Attempting to build the best hovercraft in the province isn’t enough for a group of Windsor Park Collegiate students — they want to save Lake Winnipeg, too.

The six students built a radio-controlled hovercraft to compete in an annual competition for high school students sponsored by the Canadian Manufacturers and Exporters group.

The Windsor Park team’s vessel ranked in the Top 10 during the first round of the competition, held Jan. 19 at the University of Manitoba.

Photo by Arielle Godbout
Windsor Park Collegiate’s hovercraft team includes (clockwise from back left) Peter Stanley, Brennen Wachal, Christian Whitehill, Morgan O’Leary, Briana Kelly, Ilena Benoit.
Photo by Arielle Godbout Windsor Park Collegiate’s hovercraft team includes (clockwise from back left) Peter Stanley, Brennen Wachal, Christian Whitehill, Morgan O’Leary, Briana Kelly, Ilena Benoit.

That means they’ll have a chance to take home coveted scholarships during the hovercraft finals in March, explained student Christian Whitehill, who lives in Sage Creek.

But even if they don’t win, the students’ hovercraft will serve a noble purpose.

The craft has been designed to help take water samples from ailing Lake Winnipeg, said Briana Kelly.
The students were inspired by the David Suzuki documentary Save My Lake, which chronicles how the lake is dying a slow death because of blue-green algae blooms.
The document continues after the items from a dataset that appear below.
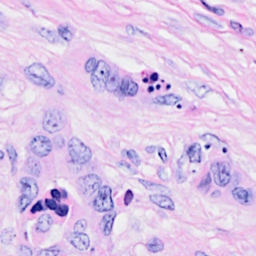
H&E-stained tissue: Breast
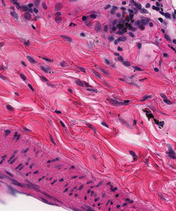
Tumor epithelial tissue: no
Tumor-associated stroma tissue: yes
Normal tissue: no
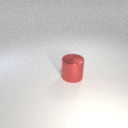
large red metal cylinder
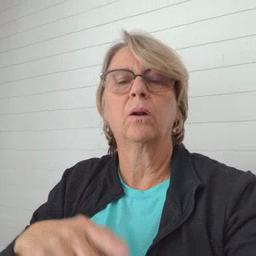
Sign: on
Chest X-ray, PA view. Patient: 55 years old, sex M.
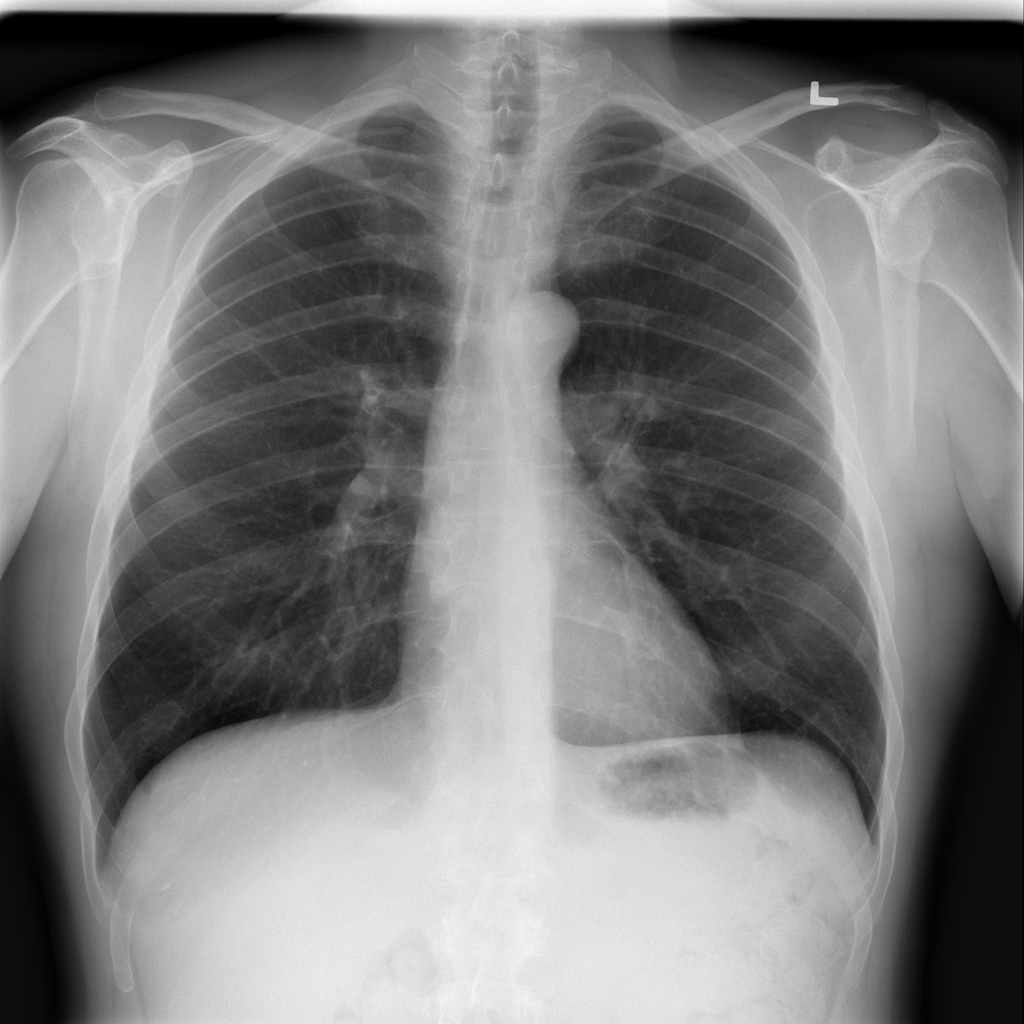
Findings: Infiltration
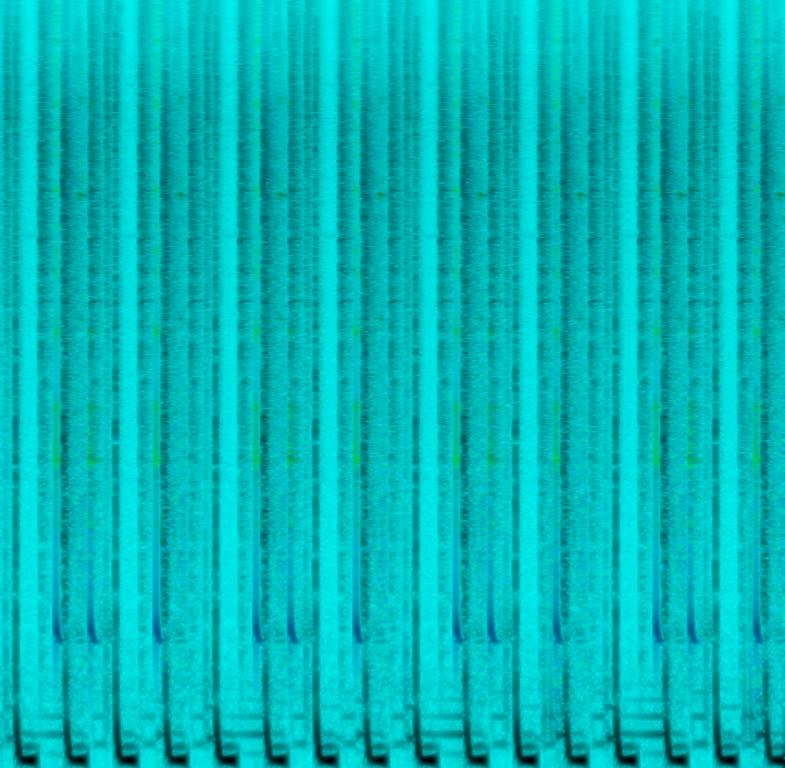
A digital drum is playing a four on the floor groove with a kick on every beat. Other percussive sound samples have been used to spice it up and give it a little bit more dance feeling along with a funky bassline. Cowbell sounds are panned to the left and right side of the speakers. A noise/riser sound is creating a little atmosphere before fading out. A piano is playing a chord progression adding a little bit more harmony. This song may be playing at a beachbar.
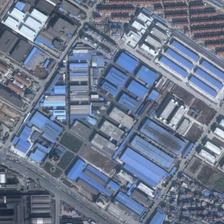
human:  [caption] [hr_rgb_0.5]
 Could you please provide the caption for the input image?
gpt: many buildings are in an industrial area .

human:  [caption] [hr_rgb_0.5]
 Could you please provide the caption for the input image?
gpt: many buildings are in an industrial area .

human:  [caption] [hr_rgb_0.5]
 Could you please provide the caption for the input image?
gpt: many buildings are in an industrial area .

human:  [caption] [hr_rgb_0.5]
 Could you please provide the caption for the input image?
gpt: many buildings are in an industrial area .

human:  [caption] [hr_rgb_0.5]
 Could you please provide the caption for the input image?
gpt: many buildings are in an industrial area .
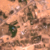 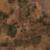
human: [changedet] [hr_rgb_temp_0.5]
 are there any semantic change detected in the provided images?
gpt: Everything remains the same.
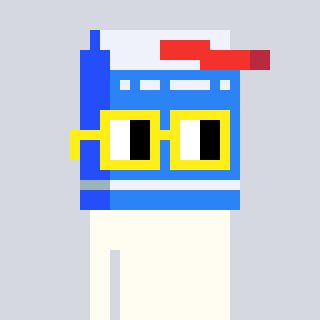
a pixel art character with square yellow glasses, a milk-shaped head and a purple-colored body on a cool background
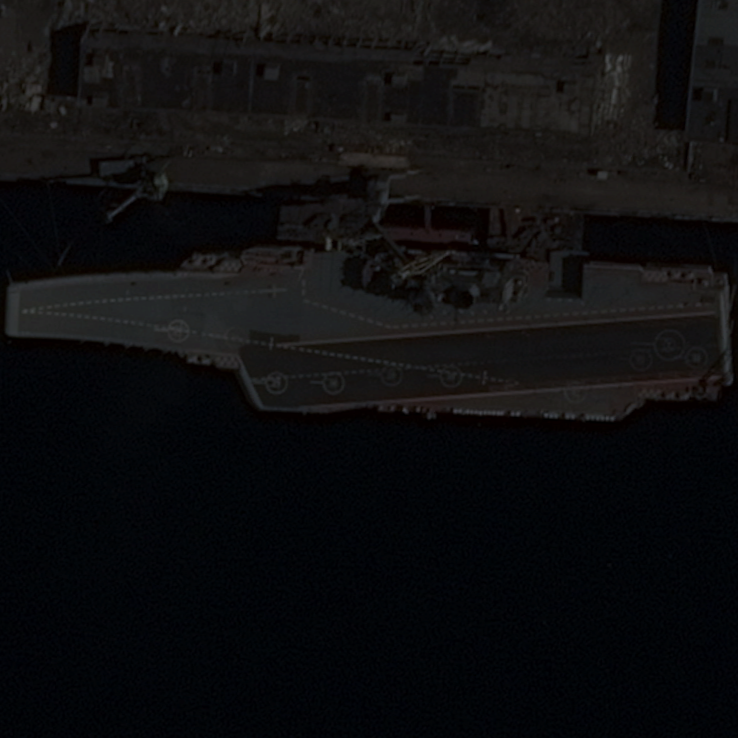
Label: aircraft_carrier
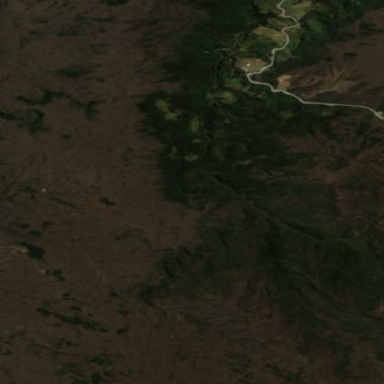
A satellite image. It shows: Natural area of fell.
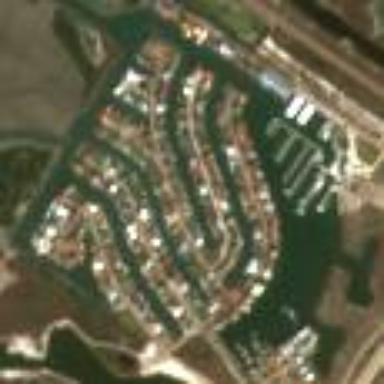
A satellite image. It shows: Marina surrounded by water.
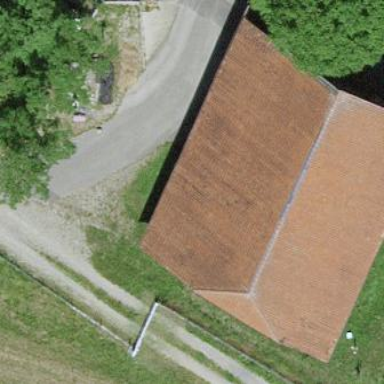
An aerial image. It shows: Rural barn.
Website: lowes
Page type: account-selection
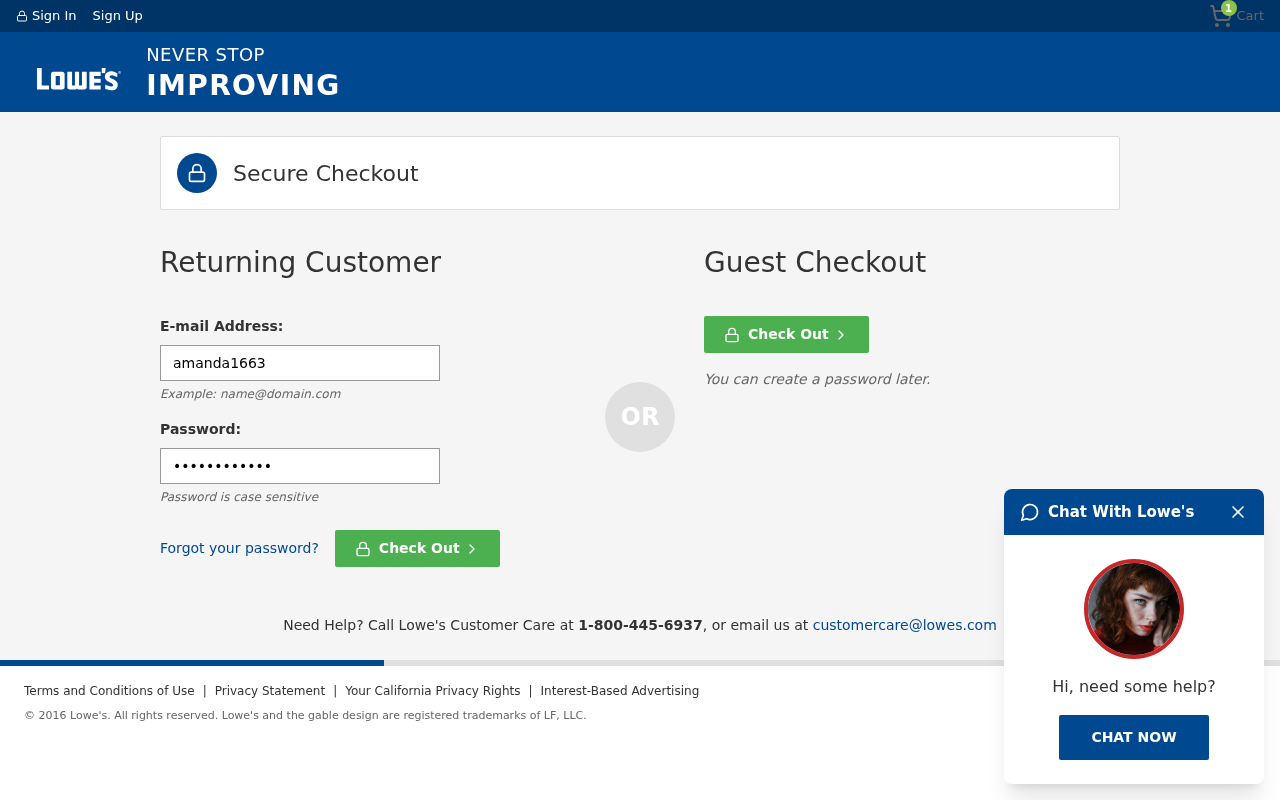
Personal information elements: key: PII_LOGIN_USERNAME
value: amanda1663
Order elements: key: ORDER_NUM_ITEMS
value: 1
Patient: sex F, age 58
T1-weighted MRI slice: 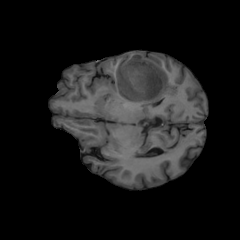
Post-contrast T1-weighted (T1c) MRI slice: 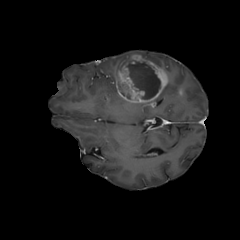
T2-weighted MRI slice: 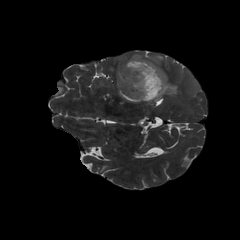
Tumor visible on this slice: yes
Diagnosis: Glioblastoma, IDH-wildtype
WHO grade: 4
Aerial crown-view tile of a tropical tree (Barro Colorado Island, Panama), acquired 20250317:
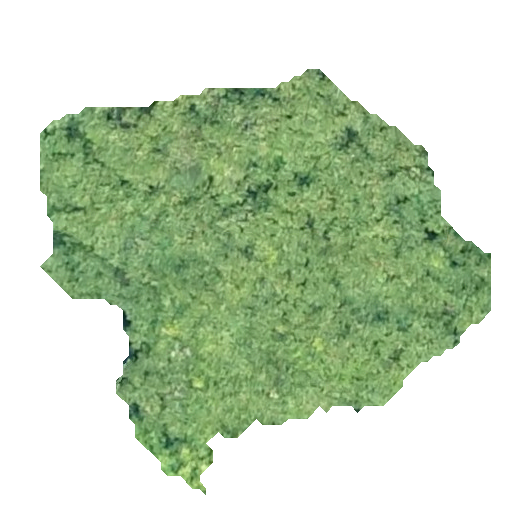
Species: Tachigali panamensis
GBIF accepted scientific name: Tachigali panamensis
Crown area: 176.689 m²
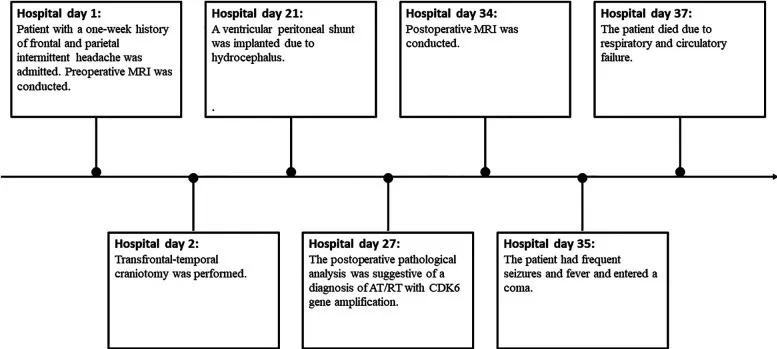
Timeline.
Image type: chart (chart)
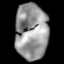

While scientists working to save the lake can take water samples from the lake by boat, the students say a hovercraft can do tasks a research vessel can’t — such as taking samples from shallower waters.

“And it prevents the gas from going into the lake from research vessels,” said student Brennen Wachal, a St. Vital resident.

The hovercraft works by using a fan to push air through a bladder on the bottom of the vessel, creating a bubble and pushing the craft off the ground — as much as a half an inch, said team member Peter Stanley.

Student Morgan O’Leary christened the vessel HC ADAMS — or Hover Craft Algae Destroyer And Marsh Saver.

Jean-Luc Susko, a metals teacher at Windsor Park who is supervising the extra-curricular project, said most schools that compete in the hovercraft competition don’t think about what purpose their vessel might serve.

But his students have always found that creating a craft that has a practical application — such as taking water samples — helps them in front of the competition’s judges, Susko said.

Windsor Park has been competing for six years, and has placed in the Top 3 — with a scholarship prize — five times.

The students will compete in the finals on March 20 at the Winnipeg Convention Centre, and are building a new and improved model of the hovercraft for the event — one that can take the water samples automatically, a task that must currently be done manually.

But whether they win or not, the students will be taking their hovercraft onto Lake Winnipeg in the spring, offering to lend their vessel to organizations working to save the lake.

“The lake is dying pretty much, and it really needs our help,” Kelly said.